Georges Aubin le présente ainsi: "LaFontaine, jusqu'en novembre 1837, est un fier bagarreur, un fervent Papineauiste, un juriste éclairé et perspicace. Qu'en sera-t-il ensuite?" Ce député est un réaliste. En quittant Londres, il écrit le 25 mars 1838:"Je suis convaincu que le peuple américain souhaite ardemment l'indépendance des colonies du Nord, de tout pouvoir européen. Mais, à moins que le gouvernement même des Etats-Unis n'intervienne ouvertement, au risque certain d'une guerre avec l'Angleterre, les mouvements qui paraissent avoir lieu dans la partie supérieure du Haut-Canada deviendront entièrement inutiles. Et il est évident que les deux gouvernements éviteront, autant que possible, de s'engager dans une guerre. "
Le chemin de l'exil.
Même s'il s'est tenu loin des Fils de la liberté, LaFontaine a dû s'exiler. En raison de sa distanciation par rapport aux insurgés en armes, il a pu se rendre à Londres, de New York, pour assister aux discussions sur la politique coloniale à la Chambre des communes. aFontaine avait traversé le fleuve en canot, louvoyé à Saint-Michel-de-Bellechasse pour se rendre à Sainte-Marie-de-Beauce et prendre le chemin du Maine. Il longea la rivière Kennebec pour atteindre Augusta et New York. C'est là qu'il passa le jour de l'An 1838, avec Papineau et le leader des insurgés irlandais de Montréal, O'Callaghan. Le jour de son départ pour l'Angleterre, LaFontaine apprit l'arrestation de son ami, le député de Deux-Montagnes, Jean-Joseph Girouard. Dans la métropole coloniale, il établit des relations avec Henry Chapman, l'éditeur du Montreal Daily Advertiser, qui le présenta à l'oncle de lord Durham, au secrétaire de celui-ci, et qui l'amena aussi à la Chambre des communes. Ainsi LaFontaine fit-il ses classes sur le Colonial Office et se rapprocha-t-il de l'opposition réformiste. Sur le point "être arrêté, il partit pour la France où il séjourna aussi deux mois, y fréquentant l'Assemblée nationale.

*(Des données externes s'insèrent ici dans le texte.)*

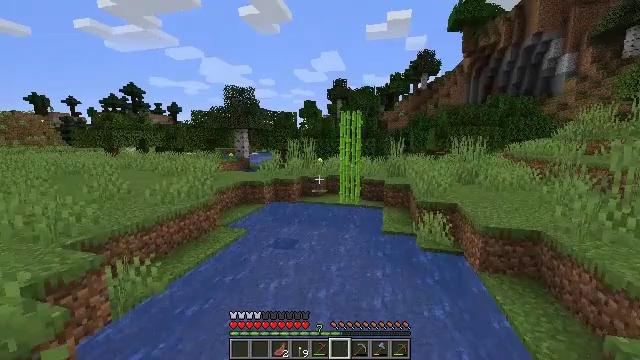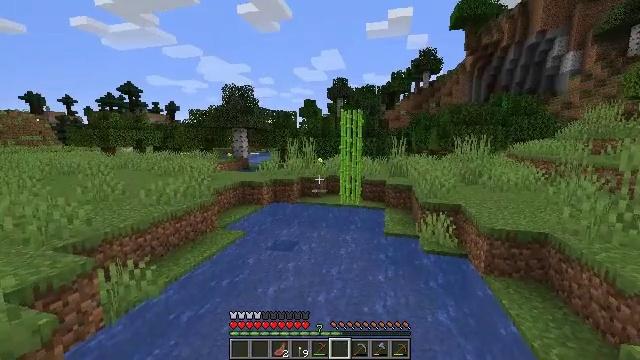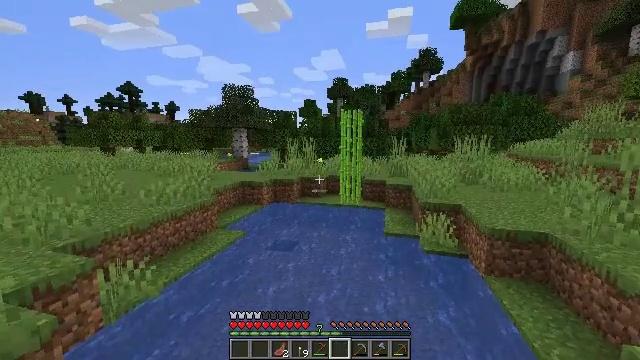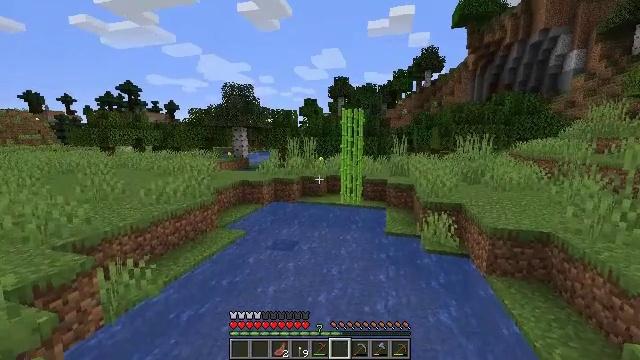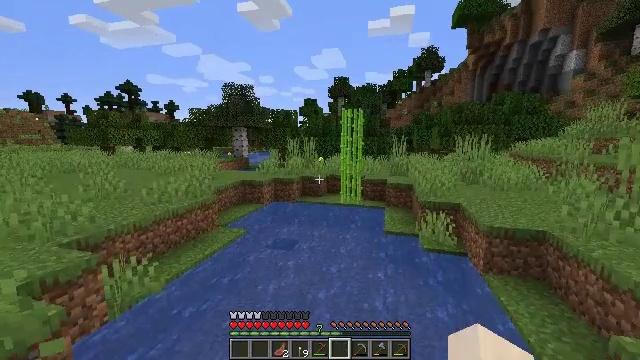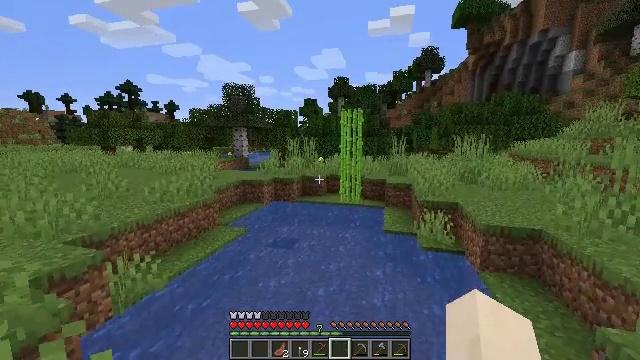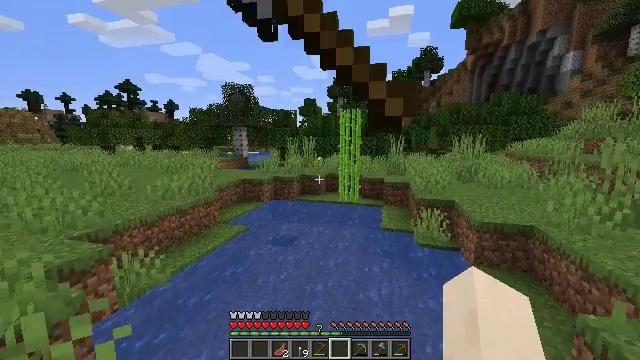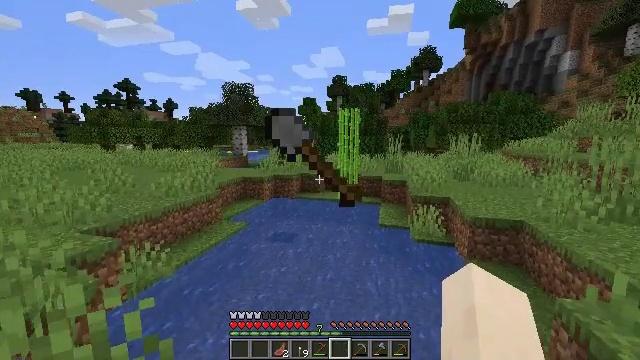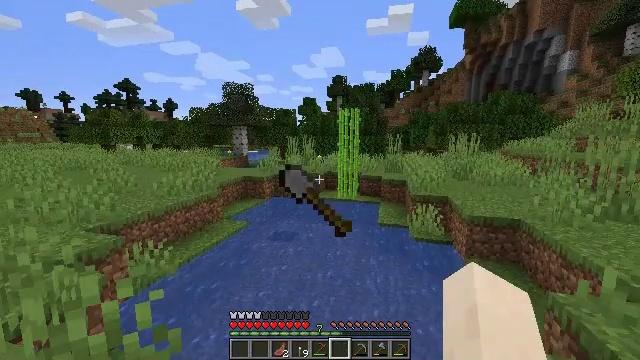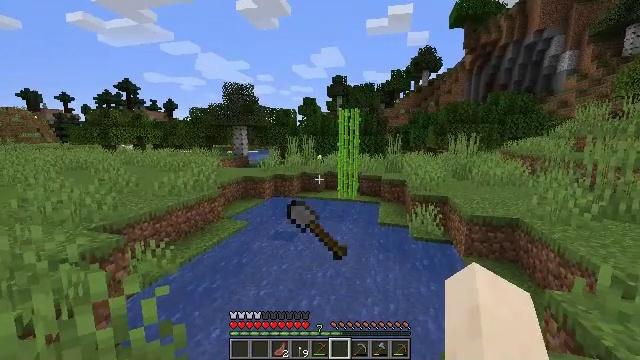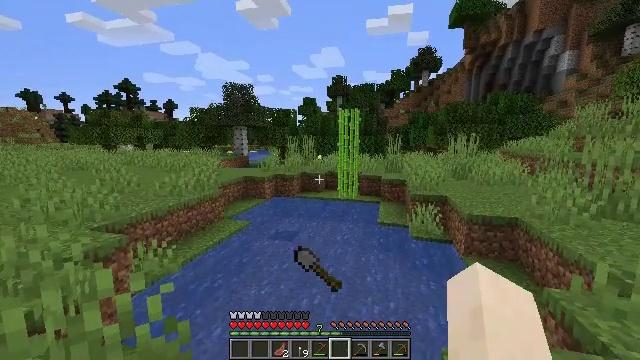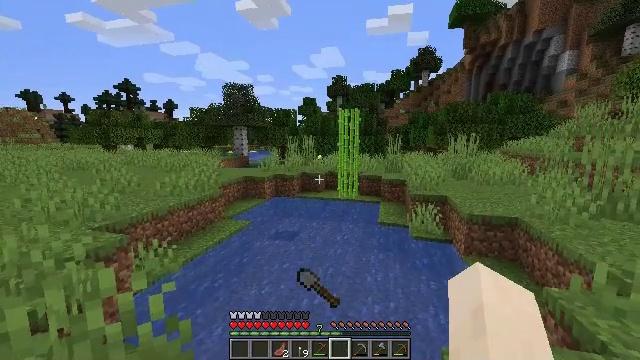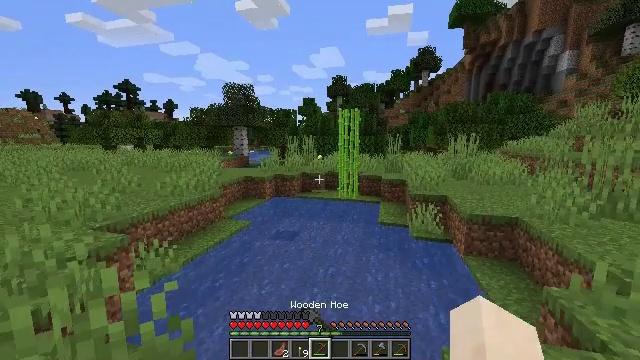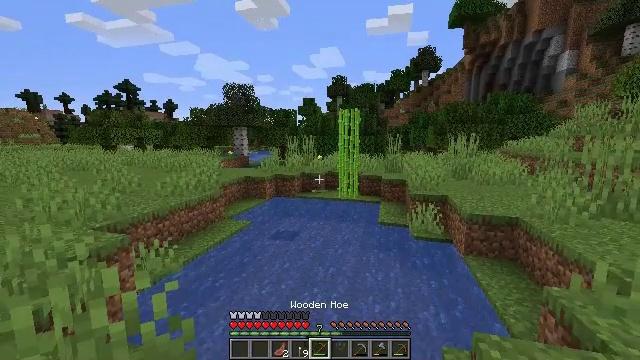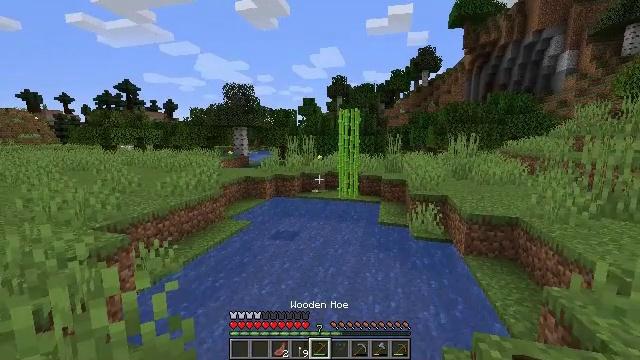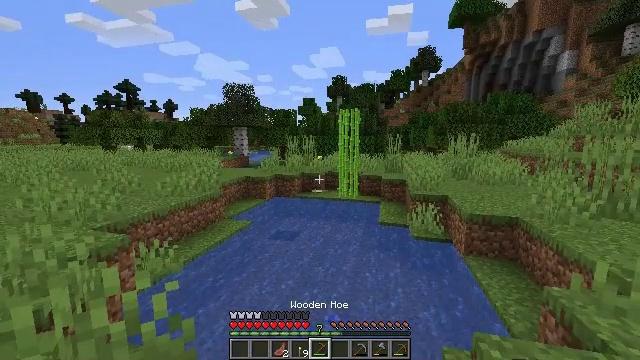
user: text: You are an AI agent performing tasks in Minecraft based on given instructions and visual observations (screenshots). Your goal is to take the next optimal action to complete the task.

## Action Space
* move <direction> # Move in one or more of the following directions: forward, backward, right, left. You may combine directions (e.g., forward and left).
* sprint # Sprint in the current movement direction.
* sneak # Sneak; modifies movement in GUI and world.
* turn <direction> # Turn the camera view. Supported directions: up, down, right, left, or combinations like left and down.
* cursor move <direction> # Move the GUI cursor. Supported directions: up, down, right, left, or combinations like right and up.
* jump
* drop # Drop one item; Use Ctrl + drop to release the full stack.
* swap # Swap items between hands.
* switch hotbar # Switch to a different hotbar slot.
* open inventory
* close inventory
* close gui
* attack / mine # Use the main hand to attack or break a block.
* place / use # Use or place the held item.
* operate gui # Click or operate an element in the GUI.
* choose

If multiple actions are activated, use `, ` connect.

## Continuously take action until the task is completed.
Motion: motion action
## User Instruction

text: Remove a wooden hoe from the inventory.
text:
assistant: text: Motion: no_op
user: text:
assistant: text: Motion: no_op
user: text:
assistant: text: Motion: move back
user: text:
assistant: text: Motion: move back
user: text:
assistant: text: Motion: move back
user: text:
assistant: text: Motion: move back
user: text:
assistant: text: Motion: no_op
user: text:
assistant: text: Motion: no_op
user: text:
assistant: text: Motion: no_op
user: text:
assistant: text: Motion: no_op
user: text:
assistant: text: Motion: no_op
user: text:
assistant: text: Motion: no_op
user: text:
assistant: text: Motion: no_op
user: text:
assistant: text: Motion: no_op
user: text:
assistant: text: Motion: no_op
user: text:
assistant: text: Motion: no_op
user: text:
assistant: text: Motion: no_op
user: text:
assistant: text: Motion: no_op
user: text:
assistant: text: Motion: no_op
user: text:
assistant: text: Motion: move left
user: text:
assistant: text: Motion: move forward and move left, turn down
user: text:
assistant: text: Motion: move forward and move left
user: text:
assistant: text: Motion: move forward and move left, turn right
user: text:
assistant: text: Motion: move forward and move left
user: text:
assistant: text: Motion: turn right, drop
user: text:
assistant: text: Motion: turn right, drop
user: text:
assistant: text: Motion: turn right, drop
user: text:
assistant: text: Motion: turn right, drop
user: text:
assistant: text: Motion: no_op
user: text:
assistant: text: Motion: no_op

Il écrivit: "Puisque les moeurs font les lois, on ne peut s'empêcher d'observer que, sous ce rapport, la France est éminemment démocratique, tandis que l'Angleterre, considérée sous le même point de vue, est essentiellement aristocratique." A son retour, LaFontaine goûta néanmoins à la prison du 4 novembre au 13 décembre 1838, au Pied-du-Courant. Il fut ostracisé comme tous les députés de langue française.

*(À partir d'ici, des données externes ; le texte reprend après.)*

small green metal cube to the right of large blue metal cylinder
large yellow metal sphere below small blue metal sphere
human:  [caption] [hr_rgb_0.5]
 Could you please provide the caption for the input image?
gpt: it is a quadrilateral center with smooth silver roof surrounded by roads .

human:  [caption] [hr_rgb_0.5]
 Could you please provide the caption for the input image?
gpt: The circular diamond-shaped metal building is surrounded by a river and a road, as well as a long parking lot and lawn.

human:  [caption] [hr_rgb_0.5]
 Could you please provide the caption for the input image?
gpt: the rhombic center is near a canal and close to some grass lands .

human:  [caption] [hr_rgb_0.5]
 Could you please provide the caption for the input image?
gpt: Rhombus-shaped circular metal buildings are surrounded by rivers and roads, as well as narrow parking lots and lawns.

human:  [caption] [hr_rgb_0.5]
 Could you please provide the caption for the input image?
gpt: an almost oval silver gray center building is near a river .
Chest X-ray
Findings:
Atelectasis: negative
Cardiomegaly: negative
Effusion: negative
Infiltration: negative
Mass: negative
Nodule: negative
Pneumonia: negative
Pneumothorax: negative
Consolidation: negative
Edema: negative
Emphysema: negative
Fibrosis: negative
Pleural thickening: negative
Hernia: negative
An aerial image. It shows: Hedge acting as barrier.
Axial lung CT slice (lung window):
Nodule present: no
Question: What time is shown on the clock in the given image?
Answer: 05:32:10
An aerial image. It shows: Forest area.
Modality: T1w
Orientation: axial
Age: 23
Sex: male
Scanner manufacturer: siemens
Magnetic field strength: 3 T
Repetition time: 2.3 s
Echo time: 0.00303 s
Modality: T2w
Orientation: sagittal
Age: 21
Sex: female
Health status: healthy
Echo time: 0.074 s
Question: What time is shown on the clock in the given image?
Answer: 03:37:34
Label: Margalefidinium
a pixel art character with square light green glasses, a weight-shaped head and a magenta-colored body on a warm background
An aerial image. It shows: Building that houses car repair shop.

Les documents de l'histoire
Le manuscrit de LaFontaine, conservé à la bibliothèque du Séminaire de Québec jusqu'à son transfert au musée de l'Amérique française, a été repéré par Le Septentrion, qui le publie à la suite des Lettres de Siméon Marchesseault à sa femme et des Souvenirs de jeunesse d'Amédée Papineau. Georges Aubin présente ainsi son neuvième journal de Patriote. En même temps, John Hare et Renée Landry lancent le journal d'Hyppolite Lanctôt, l'un des 58 Patriotes envoyés en Australie les fers aux pieds. L'arrière-arrière-petite-fille de Lanctôt présente le notaire de 22 ans, qui a dirigé une colonne de Patriotes à la bataille d'Odeltown, sur la frontière américaine. Durant son procès, le notaire de Saint-Rémi allégua l'illégalité de ce procès, invoquant l'acte d'Irlande de 1798.

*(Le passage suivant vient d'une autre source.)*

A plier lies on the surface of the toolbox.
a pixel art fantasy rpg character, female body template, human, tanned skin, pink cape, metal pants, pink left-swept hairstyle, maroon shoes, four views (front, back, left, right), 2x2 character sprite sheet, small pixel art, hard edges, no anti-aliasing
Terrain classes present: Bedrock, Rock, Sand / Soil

Condamné à mort, puis expédié au bout du monde, il passa cinq années au camp, après un an à la prison de Montréal; vers la fin de sa vie, avant de mourir, il décrit à ses enfants la marche de l'insurrection, son arrestation, son procès et son exil. La lecture des Souvenirs de Lanctôt permet de prendre la mesure des visée des Patriotes sur toute la rive sud du Saint-Laurent, à l'ouest de la rivière Richelieu. Le notaire Cardinal de Châteauguay, le notaire Decoigne de Saint-Philippe, le notaire Duquette de Saint-Edouard, le notaire Huot de Napierville, le notaire De Lorimier à Beauharnois participent tous à cette insurrection avec les frères Sanguinet, seigneurs de La Prairie. Au moment de la retraite de Lanctôt avec 800 hommes, près de Lacolle, Colborne fonce avec 3200 soldats britanniques et 1200 loyalistes écossais du Haut-Canada pour les écraser.